Yeah, it was frivolous. I wasn’t even actually down when I think about it now. Just wanting to get closer to the ground.
I’d been on the phone with a friend that morning. He detailed the bureaucratic shit he’s dealing with at work. The extent to which New York is ripping him open, kicking his ass and completely demystifying — then spoiling! — the magic sauce that keeps so many of us here.
I thought about the pile of New York dogshit he’s cleaning while I scrolled through Instagram.
Post after post, in random order:
Two crystal coups of champagne, vintage! under
An attack on minorities under
A fancy new handbag under
A petition to cancel under
A tablescape full of ceramic vases under
The royal our contribution to the decimation of our planet.
I understood a bit more clearly why social media causes so much fury. Why when you post something it might bring up shit that really upsets someone else. Here, for example, I’m listening to a recount of the administrative loops the department of dogshit is throwing my friend through and it seems that I’m like, sitting on a couch, picking my ass and singing, “Falalala, here are some reasons to love New York -- one includes trash on the ground. Cute!”

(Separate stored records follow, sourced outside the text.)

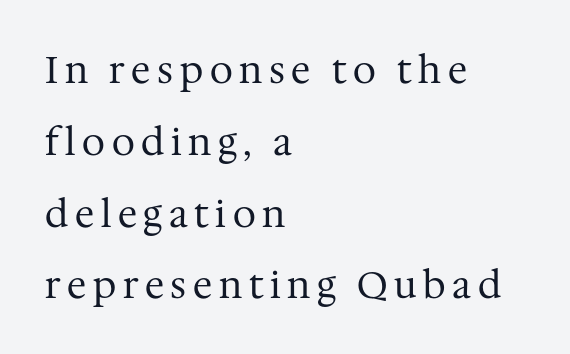
The lines are spread far apart with generous leading. Look at the bottom of the vertical strokes: they flare into serifs here. Just letters on the line, the space beneath them empty. Heft: none added — not bold.
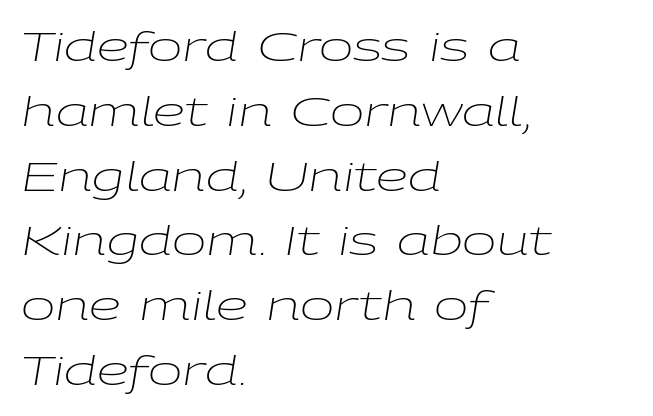
The image shows 41 px light, wide type, italic (leaning right); set left-aligned, normal line spacing (1.58x), normal letter spacing, not underlined; low stroke contrast and a medium x-height.
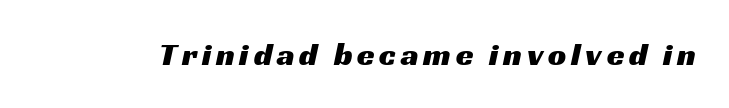
The image shows 32 px wide sans-serif type; set not underlined; medium stroke contrast and a medium x-height.
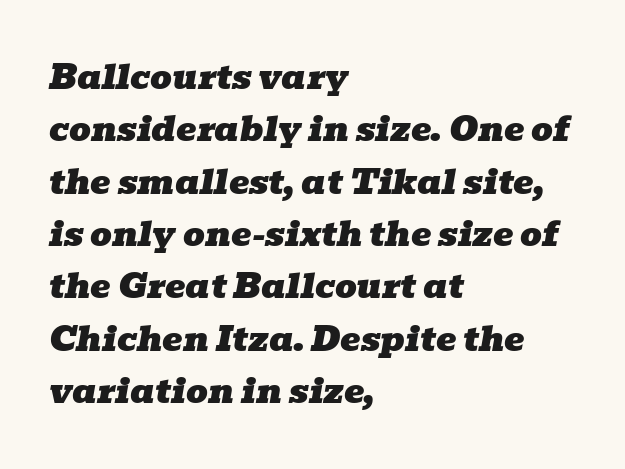
Q: Is the text italic (slanted)? A: Yes, it leans right by about 10 degrees.
Q: Is the typeface a serif or a sans-serif typeface? A: Serif.
Q: Is the text underlined? A: No.
Q: How is the paragraph aligned? A: Left-aligned.
Q: Is the spacing between letters normal or unusually wide? A: Normal.
Q: Is the spacing between lines tight, normal or loose? A: Normal.
Q: Width (condensed, normal, or wide)? A: Wide.
Q: Stroke contrast? A: Low.
Q: x-height? A: Medium.
Q: Monospaced? A: No.
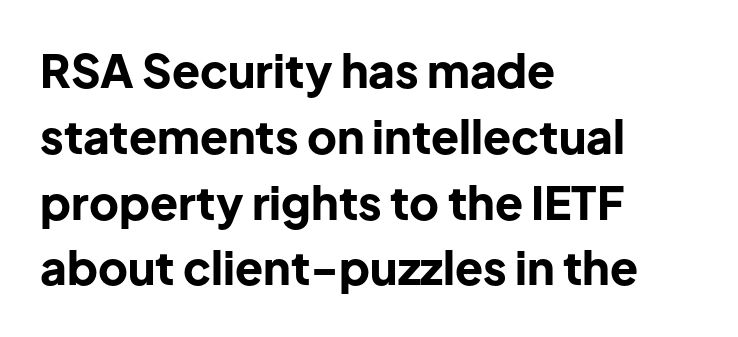
The image shows 46 px bold sans-serif type, upright; set left-aligned, normal line spacing (1.43x), normal letter spacing, not underlined; low stroke contrast and a medium x-height.
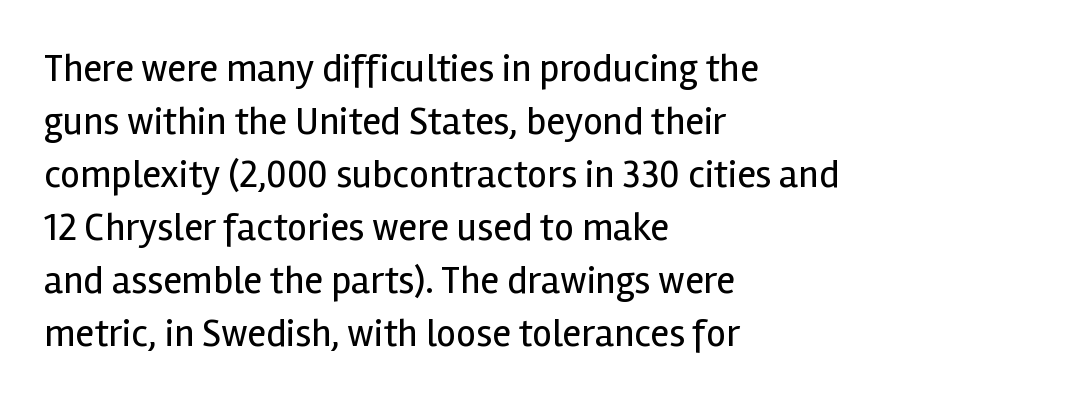
Q: Is the text bold? A: No.
Q: Is the text italic (slanted)? A: No, it is upright.
Q: Is the typeface a serif or a sans-serif typeface? A: Sans-serif.
Q: Is the text underlined? A: No.
Q: How is the paragraph aligned? A: Left-aligned.
Q: Is the spacing between letters normal or unusually wide? A: Normal.
Q: Is the spacing between lines tight, normal or loose? A: Normal.
Q: Width (condensed, normal, or wide)? A: Normal.
Q: x-height? A: Medium.
Q: Monospaced? A: No.
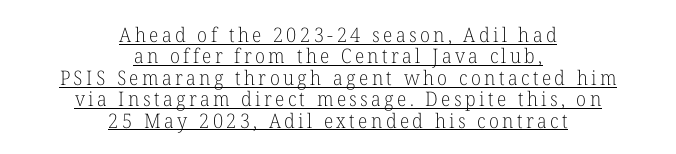
The font is comparable to plain body text, perhaps lighter. The letters stand upright; this is a roman face. Neither beginnings nor endings align; midpoints do. Reading down the column, the eye jumps only a short way to each next line. Like a heading marked for emphasis, these lines bear an underscore.
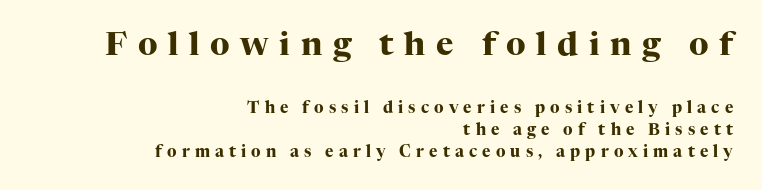
The characters display serif detailing at their extremities. The font is running at its bold setting. One glance says typical: line gaps are just what's usual. The face used here is rendered with a markedly widened letterfit. Varying glyph widths throughout — classic text-font behaviour.
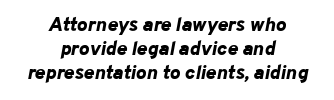
Q: Is the text bold? A: Yes.
Q: Is the text italic (slanted)? A: Yes, it leans right by about 10 degrees.
Q: Is the text underlined? A: No.
Q: How is the paragraph aligned? A: Centered.
Q: Is the spacing between letters normal or unusually wide? A: Normal.
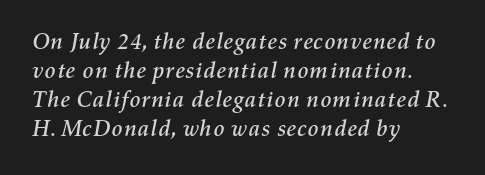
Compared with a centered layout, this one pins lines to the left instead. Style check: oblique. This sample keeps an unexceptional amount of space between lines. There is no visible air inserted between adjacent glyphs.
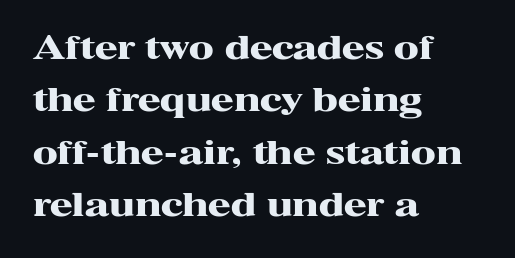
The image shows 33 px heavy, wide serif type, upright; set left-aligned, normal line spacing (1.59x), normal letter spacing, not underlined; high stroke contrast and a medium x-height.

It makes me want to shrink into quietude at first. Mostly because it sucks to imagine that posting a slideshow of a thing I feel, or think, or experience in earnest could implore someone else to feel like their shit day was worse than it was. But then I think about it again and am like: well, Leandra, what actually underlines those posts? I realize it’s more like a sort of will to love something that might really be breaking. It’s my own way of coping. Fluffy and saturated and hopeful as ever.
This is kind of an irrelevant example because my friend’s not that kind of guy -- he doesn’t let his reality bleed into someone else’s or the other way around. I just don’t know how disciplined the rest of us are. How disciplined I am.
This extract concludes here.